We did graphing reflections of images homework from the book with problems that gave the vertices for each figure and said either reflect over x or y. This time, the homework is a worksheet and directions are to graph the reflection across either x or y with some value.
Example problem:
Graph the image of the figure using the transformation given.
1. reflection across y = -2. (Also, the figure is given, but need to figure out the coordinates).
original image: I(-3, -2), E(-3, -3), Q(2, -4), Z(0,-5)
a. Can you explain what does the across y = -2 mean? I know if we reflect over y, then the x value is multiplied by -1 and y stays the same. Am i supposed to multiply the x coordinate by -2? If i know how to solve, then i can do 4 others with different y value.
2. reflection across y = -x. (orignal image is A(3, -1), J(4, -3), S(4,2), T(5, -2)
a. Can you explain what does across y= -x mean?
3. reflect across y = x (original image H(-2, -3), L(0,3), Q(-2, -1), P (-3, -2)
a. Can you explain what does across y= x mean?
To understand the directions "reflection across y = -2" or "reflection across y = -x" or "reflection across y = x," it's important to recall the basic concept of reflecting a point across a line.
When reflecting a point across the y-axis, every point (x, y) is transformed to (-x, y). This means that the x-coordinate is multiplied by -1 while the y-coordinate remains the same.

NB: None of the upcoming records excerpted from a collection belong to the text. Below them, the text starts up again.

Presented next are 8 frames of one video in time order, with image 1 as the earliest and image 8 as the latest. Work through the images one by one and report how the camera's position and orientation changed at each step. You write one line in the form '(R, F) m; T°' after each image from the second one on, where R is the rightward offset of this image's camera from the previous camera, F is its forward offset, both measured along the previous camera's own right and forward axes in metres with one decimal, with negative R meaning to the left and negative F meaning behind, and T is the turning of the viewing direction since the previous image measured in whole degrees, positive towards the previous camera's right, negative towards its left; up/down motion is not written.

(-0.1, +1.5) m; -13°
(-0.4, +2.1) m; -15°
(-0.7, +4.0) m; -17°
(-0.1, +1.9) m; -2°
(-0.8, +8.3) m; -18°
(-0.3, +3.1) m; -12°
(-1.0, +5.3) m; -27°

Let's break down the example problems to understand each direction in more detail:
1. reflection across y = -2:
To reflect the original image (I(-3, -2), E(-3, -3), Q(2, -4), Z(0, -5)) across the line y = -2, you need to keep the y-coordinate the same and change the x-coordinate accordingly.
For example, let's take the point I(-3, -2). To reflect it across y = -2, you would substitute -2 as the y-coordinate and adjust the x-coordinate. Thus, the reflected point would be I(3, -2).

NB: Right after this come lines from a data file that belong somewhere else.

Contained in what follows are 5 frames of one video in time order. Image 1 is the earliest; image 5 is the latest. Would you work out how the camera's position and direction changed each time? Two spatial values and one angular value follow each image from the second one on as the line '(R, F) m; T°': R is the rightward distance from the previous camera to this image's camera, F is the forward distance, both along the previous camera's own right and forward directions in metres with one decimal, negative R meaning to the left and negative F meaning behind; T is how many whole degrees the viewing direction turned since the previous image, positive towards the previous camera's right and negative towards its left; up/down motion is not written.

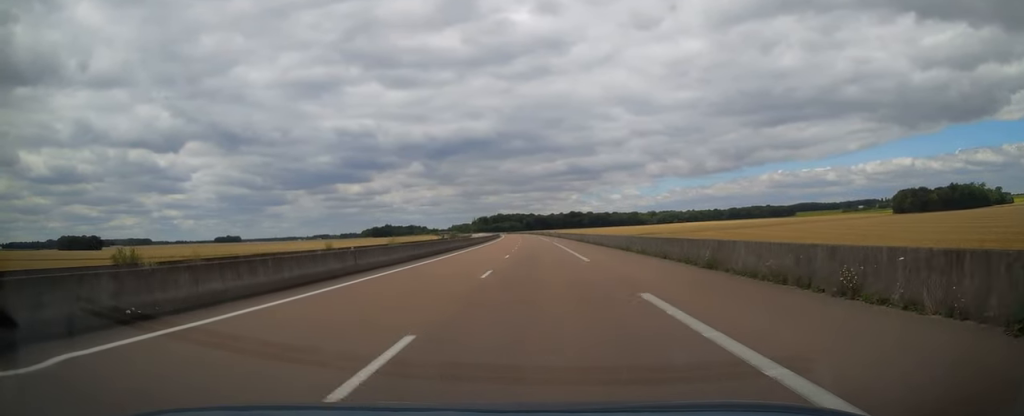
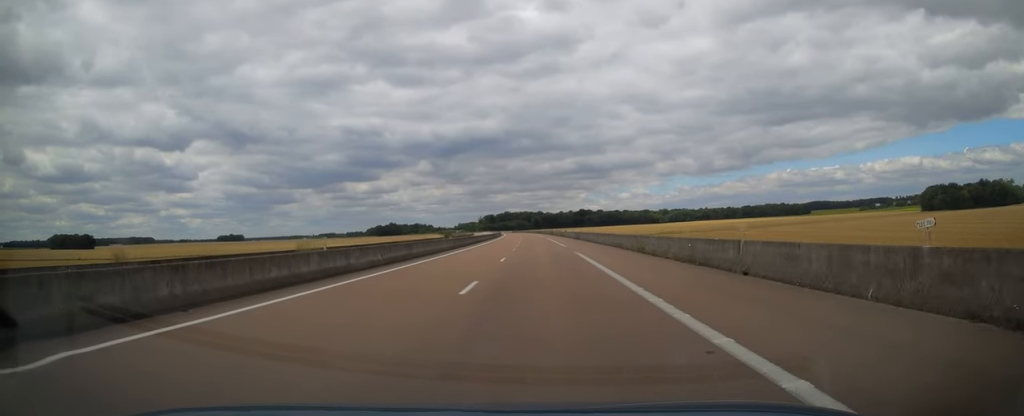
(-0.3, +30.8) m; -1°
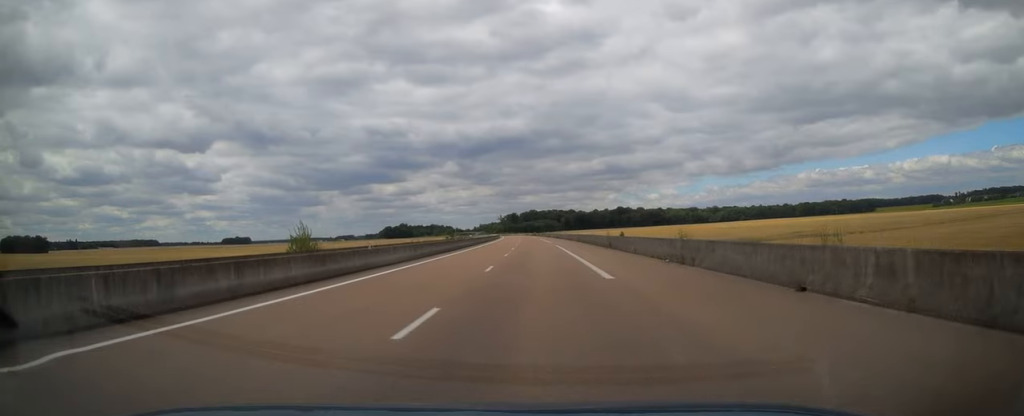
(-2.8, +134.3) m; -3°
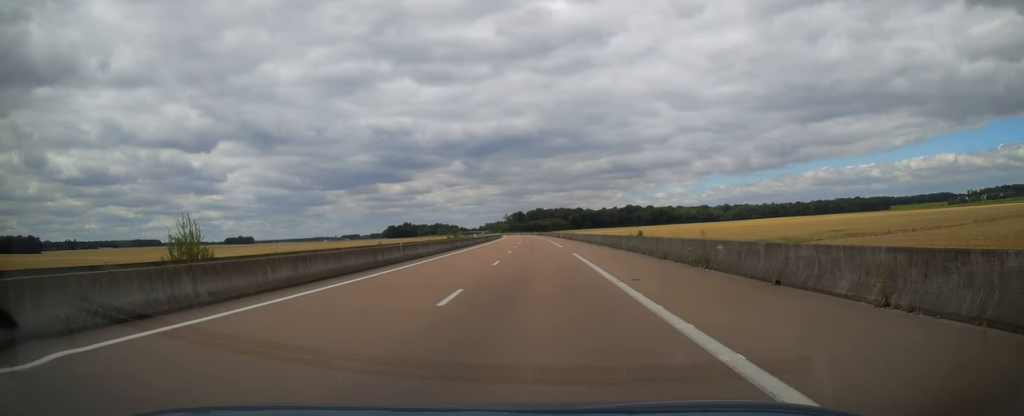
(-0.4, +22.4) m; -1°
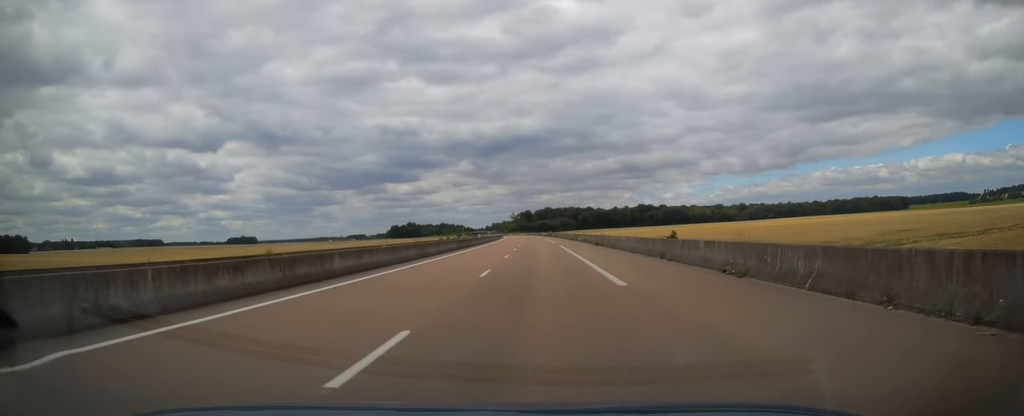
(-0.1, +31.7) m; -1°
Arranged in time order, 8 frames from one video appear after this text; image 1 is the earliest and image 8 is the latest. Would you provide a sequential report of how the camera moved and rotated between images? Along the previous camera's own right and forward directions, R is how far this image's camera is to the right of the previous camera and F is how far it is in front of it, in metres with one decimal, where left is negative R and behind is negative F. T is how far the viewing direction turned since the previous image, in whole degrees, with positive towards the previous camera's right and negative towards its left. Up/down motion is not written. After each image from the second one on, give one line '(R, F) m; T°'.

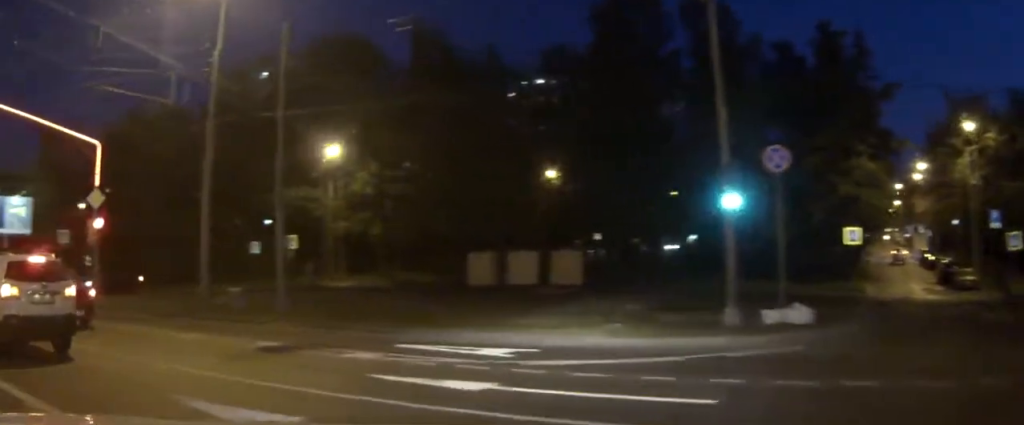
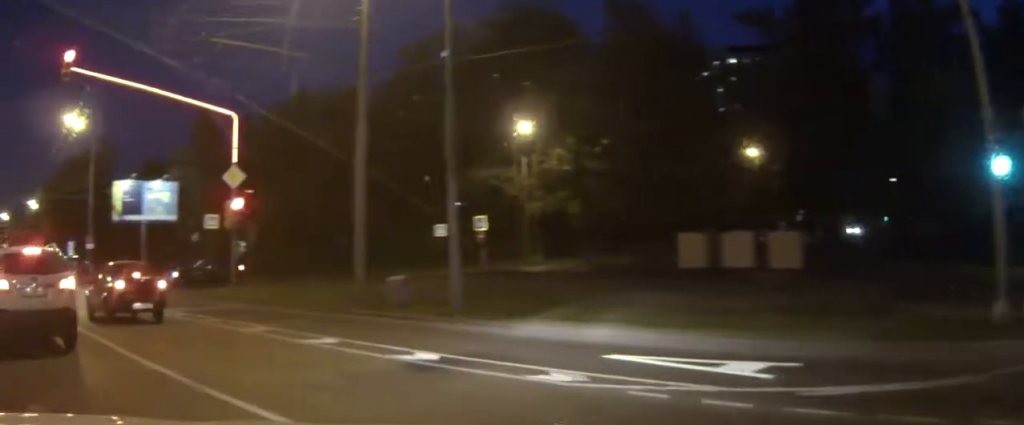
(-0.4, +4.9) m; -12°
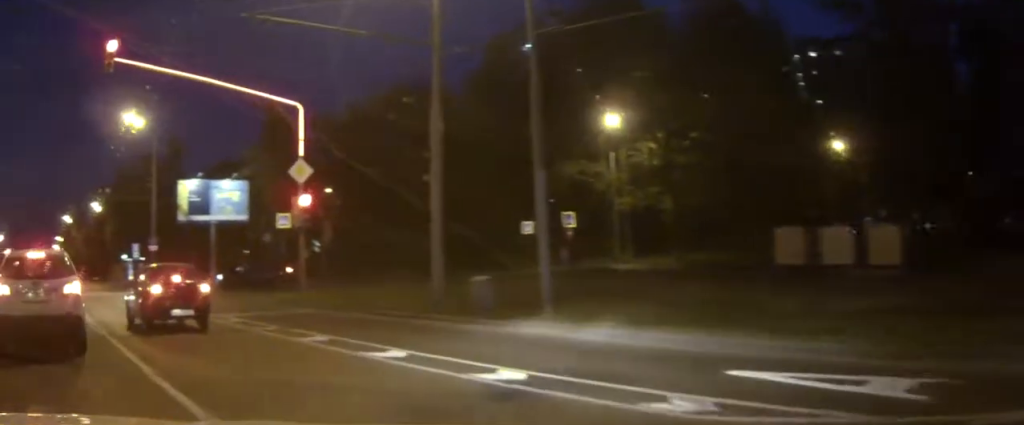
(-0.1, +2.3) m; -7°
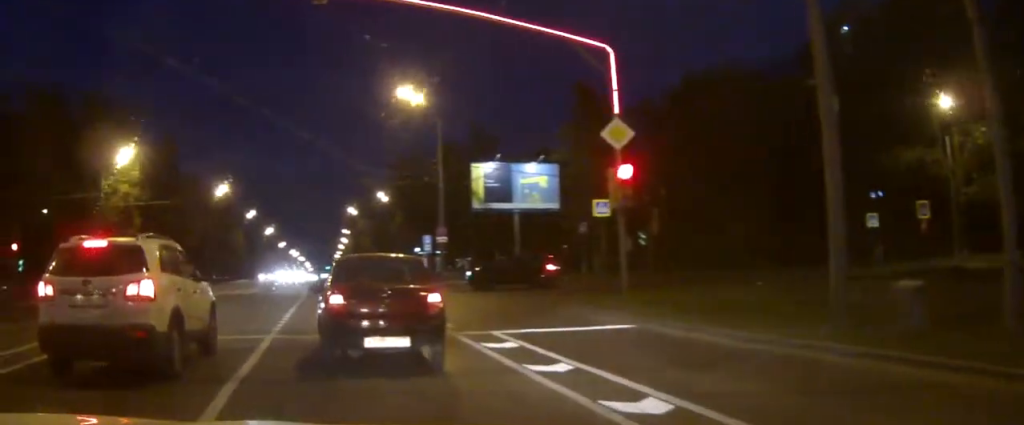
(-2.0, +7.7) m; -27°
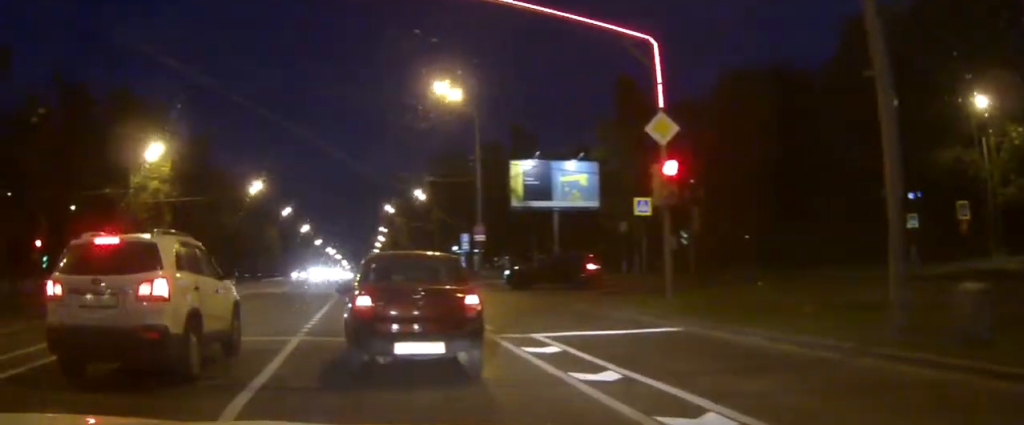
(0.0, +1.0) m; -3°
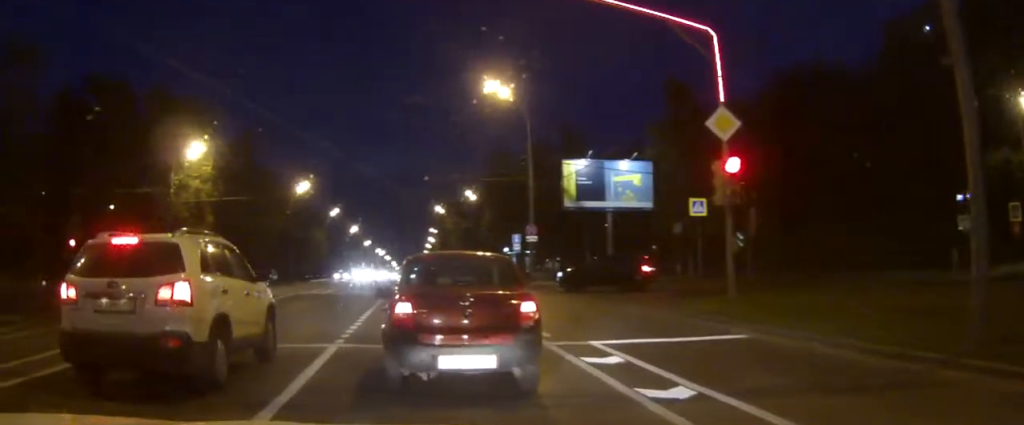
(0.0, +1.4) m; -1°
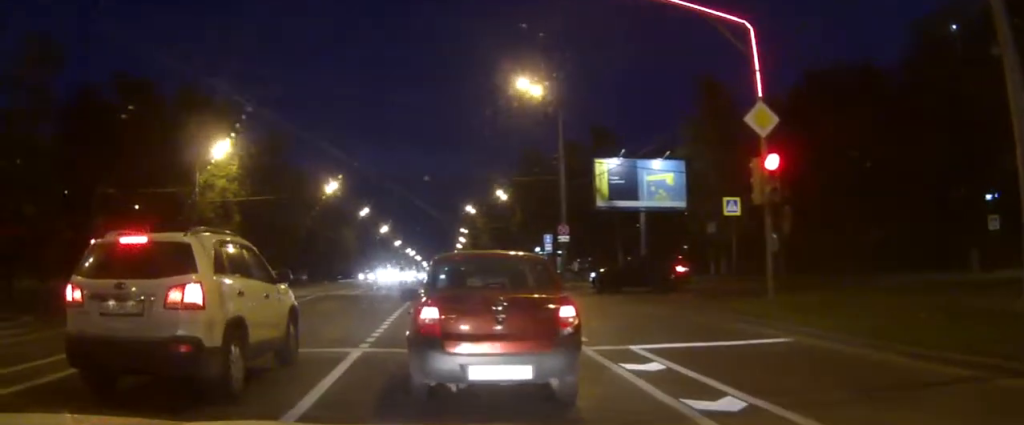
(0.0, +1.0) m; 0°
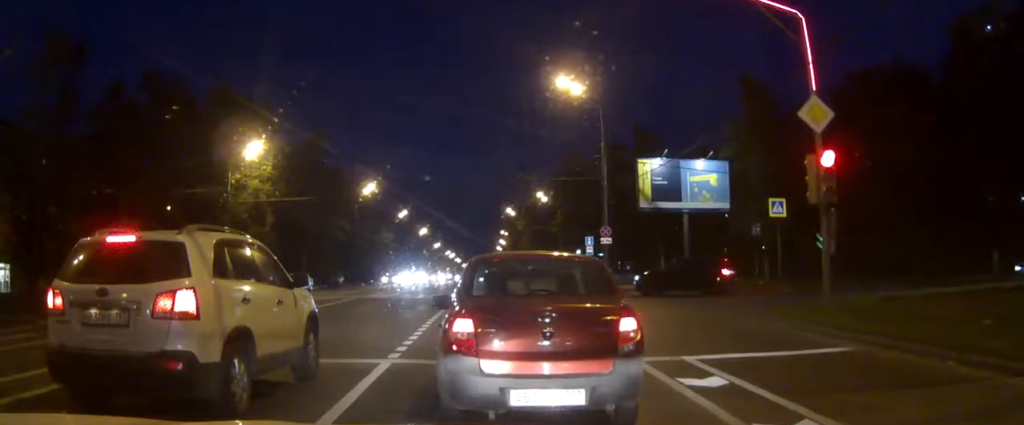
(0.0, +1.8) m; 0°

Apply the same process to each point and replace the x-coordinate accordingly. The reflected image would be I'(3, -2), E'(-3, -3), Q'(2, -4), Z'(0, -5).
2. reflection across y = -x:
When reflecting across y = -x, each point (x, y) is transformed to (-y, -x). Here, the y-coordinate becomes the negative of the original x-coordinate, and the negative of the original y-coordinate becomes the new x-coordinate.

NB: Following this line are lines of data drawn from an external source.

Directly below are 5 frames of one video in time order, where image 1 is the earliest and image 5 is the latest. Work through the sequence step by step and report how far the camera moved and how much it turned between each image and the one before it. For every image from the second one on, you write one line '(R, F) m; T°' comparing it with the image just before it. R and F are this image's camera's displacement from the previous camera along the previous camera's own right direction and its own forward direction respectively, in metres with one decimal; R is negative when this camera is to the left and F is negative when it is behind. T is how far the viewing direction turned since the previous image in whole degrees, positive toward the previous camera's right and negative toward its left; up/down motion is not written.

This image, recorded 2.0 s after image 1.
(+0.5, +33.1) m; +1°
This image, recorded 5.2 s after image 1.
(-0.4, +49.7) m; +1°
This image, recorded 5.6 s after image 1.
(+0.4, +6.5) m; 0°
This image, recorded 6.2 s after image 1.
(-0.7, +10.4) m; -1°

Consider the original image A(3, -1), J(4, -3), S(4, 2), T(5, -2). To reflect it across y = -x, substitute the coordinates accordingly.
For instance, A(3, -1) would transform to A'(-1, -3), J(4, -3) would transform to J'(-3, -4), S(4, 2) would transform to S'(-2, -4), and T(5, -2) would transform to T'(-2, -5).
3. reflection across y = x:
Similar to the previous explanations, when reflecting across y = x, each point (x, y) becomes (y, x). The x-coordinate becomes the new y-coordinate, and the y-coordinate becomes the new x-coordinate.
Considering the original image H(-2, -3), L(0, 3), Q(-2, -1), P(-3, -2), to reflect it across y = x, substitute the coordinates accordingly.
For instance, H(-2, -3) would transform to H'(-3, -2), L(0, 3) would transform to L'(3, 0), Q(-2, -1) would transform to Q'(-1, -2), and P(-3, -2) would transform to P'(-2, -3).
By following these steps and understanding the rules of reflecting points across a given line, you'll be able to solve other problems on the worksheet with different y-values.